*Work item*.
The records are to be reproduced verbatim.

*Input records*.
- - - -

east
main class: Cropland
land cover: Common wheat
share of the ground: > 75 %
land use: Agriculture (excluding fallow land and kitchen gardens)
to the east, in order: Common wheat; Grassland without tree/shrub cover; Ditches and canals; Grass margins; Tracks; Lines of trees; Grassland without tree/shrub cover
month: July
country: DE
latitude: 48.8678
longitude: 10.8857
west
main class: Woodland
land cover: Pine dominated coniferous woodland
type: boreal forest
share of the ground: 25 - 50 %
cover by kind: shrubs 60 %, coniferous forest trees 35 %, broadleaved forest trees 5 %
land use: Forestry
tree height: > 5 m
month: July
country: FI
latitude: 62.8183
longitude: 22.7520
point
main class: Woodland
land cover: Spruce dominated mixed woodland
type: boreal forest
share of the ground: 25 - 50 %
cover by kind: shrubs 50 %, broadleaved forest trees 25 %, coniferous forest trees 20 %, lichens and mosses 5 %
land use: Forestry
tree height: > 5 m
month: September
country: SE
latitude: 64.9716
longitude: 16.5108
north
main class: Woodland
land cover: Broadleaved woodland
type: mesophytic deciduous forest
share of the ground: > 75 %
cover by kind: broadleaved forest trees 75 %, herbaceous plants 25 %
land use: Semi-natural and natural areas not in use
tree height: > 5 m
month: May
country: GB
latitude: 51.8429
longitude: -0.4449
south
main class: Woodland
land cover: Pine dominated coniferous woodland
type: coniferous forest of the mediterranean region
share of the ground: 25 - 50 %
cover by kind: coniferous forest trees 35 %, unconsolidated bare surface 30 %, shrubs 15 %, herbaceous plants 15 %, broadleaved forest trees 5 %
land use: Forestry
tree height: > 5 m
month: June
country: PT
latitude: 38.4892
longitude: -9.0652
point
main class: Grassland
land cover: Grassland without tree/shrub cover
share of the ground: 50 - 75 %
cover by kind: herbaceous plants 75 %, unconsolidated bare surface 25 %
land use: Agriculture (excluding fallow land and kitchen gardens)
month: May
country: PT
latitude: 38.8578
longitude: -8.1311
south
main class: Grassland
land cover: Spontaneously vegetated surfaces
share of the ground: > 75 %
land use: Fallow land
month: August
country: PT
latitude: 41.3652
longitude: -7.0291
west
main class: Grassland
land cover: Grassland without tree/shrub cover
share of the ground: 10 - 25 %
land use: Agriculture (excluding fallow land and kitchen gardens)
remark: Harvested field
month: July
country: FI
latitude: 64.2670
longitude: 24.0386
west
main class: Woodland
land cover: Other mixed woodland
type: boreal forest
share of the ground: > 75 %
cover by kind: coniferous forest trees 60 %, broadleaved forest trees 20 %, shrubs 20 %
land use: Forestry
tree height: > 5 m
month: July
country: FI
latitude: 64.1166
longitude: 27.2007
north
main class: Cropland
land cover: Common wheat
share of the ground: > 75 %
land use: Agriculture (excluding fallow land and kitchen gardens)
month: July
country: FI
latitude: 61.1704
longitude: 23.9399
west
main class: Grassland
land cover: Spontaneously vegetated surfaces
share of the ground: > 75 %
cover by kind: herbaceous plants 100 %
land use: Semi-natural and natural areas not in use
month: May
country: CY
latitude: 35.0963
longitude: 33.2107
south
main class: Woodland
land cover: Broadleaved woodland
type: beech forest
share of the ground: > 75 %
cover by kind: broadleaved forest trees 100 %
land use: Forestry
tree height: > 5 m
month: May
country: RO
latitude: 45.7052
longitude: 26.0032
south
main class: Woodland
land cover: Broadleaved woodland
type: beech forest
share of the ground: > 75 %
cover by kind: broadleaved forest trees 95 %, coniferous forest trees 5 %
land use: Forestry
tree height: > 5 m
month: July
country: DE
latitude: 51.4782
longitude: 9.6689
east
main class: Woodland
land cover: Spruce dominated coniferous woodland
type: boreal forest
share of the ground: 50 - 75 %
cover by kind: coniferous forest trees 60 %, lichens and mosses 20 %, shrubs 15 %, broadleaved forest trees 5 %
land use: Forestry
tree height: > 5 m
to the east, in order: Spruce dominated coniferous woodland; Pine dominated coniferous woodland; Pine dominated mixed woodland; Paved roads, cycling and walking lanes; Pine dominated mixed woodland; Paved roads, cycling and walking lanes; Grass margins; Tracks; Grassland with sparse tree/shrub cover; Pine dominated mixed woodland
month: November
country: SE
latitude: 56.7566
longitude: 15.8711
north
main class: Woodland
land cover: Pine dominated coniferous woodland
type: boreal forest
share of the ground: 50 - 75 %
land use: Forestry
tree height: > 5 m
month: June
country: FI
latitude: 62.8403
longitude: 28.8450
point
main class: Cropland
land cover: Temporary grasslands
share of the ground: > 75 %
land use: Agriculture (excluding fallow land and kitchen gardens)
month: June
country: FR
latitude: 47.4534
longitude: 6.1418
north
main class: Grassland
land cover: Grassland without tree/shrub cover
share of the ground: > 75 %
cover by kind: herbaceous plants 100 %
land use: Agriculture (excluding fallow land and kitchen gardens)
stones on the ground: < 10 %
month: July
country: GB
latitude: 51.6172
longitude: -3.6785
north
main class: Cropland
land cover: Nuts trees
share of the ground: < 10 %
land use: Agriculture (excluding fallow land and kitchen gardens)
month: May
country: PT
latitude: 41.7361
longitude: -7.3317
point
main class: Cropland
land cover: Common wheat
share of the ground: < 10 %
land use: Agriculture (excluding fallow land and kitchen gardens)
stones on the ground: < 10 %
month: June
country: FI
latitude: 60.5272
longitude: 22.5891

- - - -

*Completed task*.
east
main class: Cropland
land cover: Common wheat
share of the ground: > 75 %
land use: Agriculture (excluding fallow land and kitchen gardens)
to the east, in order: Common wheat; Grassland without tree/shrub cover; Ditches and canals; Grass margins; Tracks; Lines of trees; Grassland without tree/shrub cover
month: July
country: DE
latitude: 48.8678
longitude: 10.8857
west
main class: Woodland
land cover: Pine dominated coniferous woodland
type: boreal forest
share of the ground: 25 - 50 %
cover by kind: shrubs 60 %, coniferous forest trees 35 %, broadleaved forest trees 5 %
land use: Forestry
tree height: > 5 m
month: July
country: FI
latitude: 62.8183
longitude: 22.7520
point
main class: Woodland
land cover: Spruce dominated mixed woodland
type: boreal forest
share of the ground: 25 - 50 %
cover by kind: shrubs 50 %, broadleaved forest trees 25 %, coniferous forest trees 20 %, lichens and mosses 5 %
land use: Forestry
tree height: > 5 m
month: September
country: SE
latitude: 64.9716
longitude: 16.5108
north
main class: Woodland
land cover: Broadleaved woodland
type: mesophytic deciduous forest
share of the ground: > 75 %
cover by kind: broadleaved forest trees 75 %, herbaceous plants 25 %
land use: Semi-natural and natural areas not in use
tree height: > 5 m
month: May
country: GB
latitude: 51.8429
longitude: -0.4449
south
main class: Woodland
land cover: Pine dominated coniferous woodland
type: coniferous forest of the mediterranean region
share of the ground: 25 - 50 %
cover by kind: coniferous forest trees 35 %, unconsolidated bare surface 30 %, shrubs 15 %, herbaceous plants 15 %, broadleaved forest trees 5 %
land use: Forestry
tree height: > 5 m
month: June
country: PT
latitude: 38.4892
longitude: -9.0652
point
main class: Grassland
land cover: Grassland without tree/shrub cover
share of the ground: 50 - 75 %
cover by kind: herbaceous plants 75 %, unconsolidated bare surface 25 %
land use: Agriculture (excluding fallow land and kitchen gardens)
month: May
country: PT
latitude: 38.8578
longitude: -8.1311
south
main class: Grassland
land cover: Spontaneously vegetated surfaces
share of the ground: > 75 %
land use: Fallow land
month: August
country: PT
latitude: 41.3652
longitude: -7.0291
west
main class: Grassland
land cover: Grassland without tree/shrub cover
share of the ground: 10 - 25 %
land use: Agriculture (excluding fallow land and kitchen gardens)
remark: Harvested field
month: July
country: FI
latitude: 64.2670
longitude: 24.0386
west
main class: Woodland
land cover: Other mixed woodland
type: boreal forest
share of the ground: > 75 %
cover by kind: coniferous forest trees 60 %, broadleaved forest trees 20 %, shrubs 20 %
land use: Forestry
tree height: > 5 m
month: July
country: FI
latitude: 64.1166
longitude: 27.2007
north
main class: Cropland
land cover: Common wheat
share of the ground: > 75 %
land use: Agriculture (excluding fallow land and kitchen gardens)
month: July
country: FI
latitude: 61.1704
longitude: 23.9399
west
main class: Grassland
land cover: Spontaneously vegetated surfaces
share of the ground: > 75 %
cover by kind: herbaceous plants 100 %
land use: Semi-natural and natural areas not in use
month: May
country: CY
latitude: 35.0963
longitude: 33.2107
south
main class: Woodland
land cover: Broadleaved woodland
type: beech forest
share of the ground: > 75 %
cover by kind: broadleaved forest trees 100 %
land use: Forestry
tree height: > 5 m
month: May
country: RO
latitude: 45.7052
longitude: 26.0032
south
main class: Woodland
land cover: Broadleaved woodland
type: beech forest
share of the ground: > 75 %
cover by kind: broadleaved forest trees 95 %, coniferous forest trees 5 %
land use: Forestry
tree height: > 5 m
month: July
country: DE
latitude: 51.4782
longitude: 9.6689
east
main class: Woodland
land cover: Spruce dominated coniferous woodland
type: boreal forest
share of the ground: 50 - 75 %
cover by kind: coniferous forest trees 60 %, lichens and mosses 20 %, shrubs 15 %, broadleaved forest trees 5 %
land use: Forestry
tree height: > 5 m
to the east, in order: Spruce dominated coniferous woodland; Pine dominated coniferous woodland; Pine dominated mixed woodland; Paved roads, cycling and walking lanes; Pine dominated mixed woodland; Paved roads, cycling and walking lanes; Grass margins; Tracks; Grassland with sparse tree/shrub cover; Pine dominated mixed woodland
month: November
country: SE
latitude: 56.7566
longitude: 15.8711
north
main class: Woodland
land cover: Pine dominated coniferous woodland
type: boreal forest
share of the ground: 50 - 75 %
land use: Forestry
tree height: > 5 m
month: June
country: FI
latitude: 62.8403
longitude: 28.8450
point
main class: Cropland
land cover: Temporary grasslands
share of the ground: > 75 %
land use: Agriculture (excluding fallow land and kitchen gardens)
month: June
country: FR
latitude: 47.4534
longitude: 6.1418
north
main class: Grassland
land cover: Grassland without tree/shrub cover
share of the ground: > 75 %
cover by kind: herbaceous plants 100 %
land use: Agriculture (excluding fallow land and kitchen gardens)
stones on the ground: < 10 %
month: July
country: GB
latitude: 51.6172
longitude: -3.6785
north
main class: Cropland
land cover: Nuts trees
share of the ground: < 10 %
land use: Agriculture (excluding fallow land and kitchen gardens)
month: May
country: PT
latitude: 41.7361
longitude: -7.3317
point
main class: Cropland
land cover: Common wheat
share of the ground: < 10 %
land use: Agriculture (excluding fallow land and kitchen gardens)
stones on the ground: < 10 %
month: June
country: FI
latitude: 60.5272
longitude: 22.5891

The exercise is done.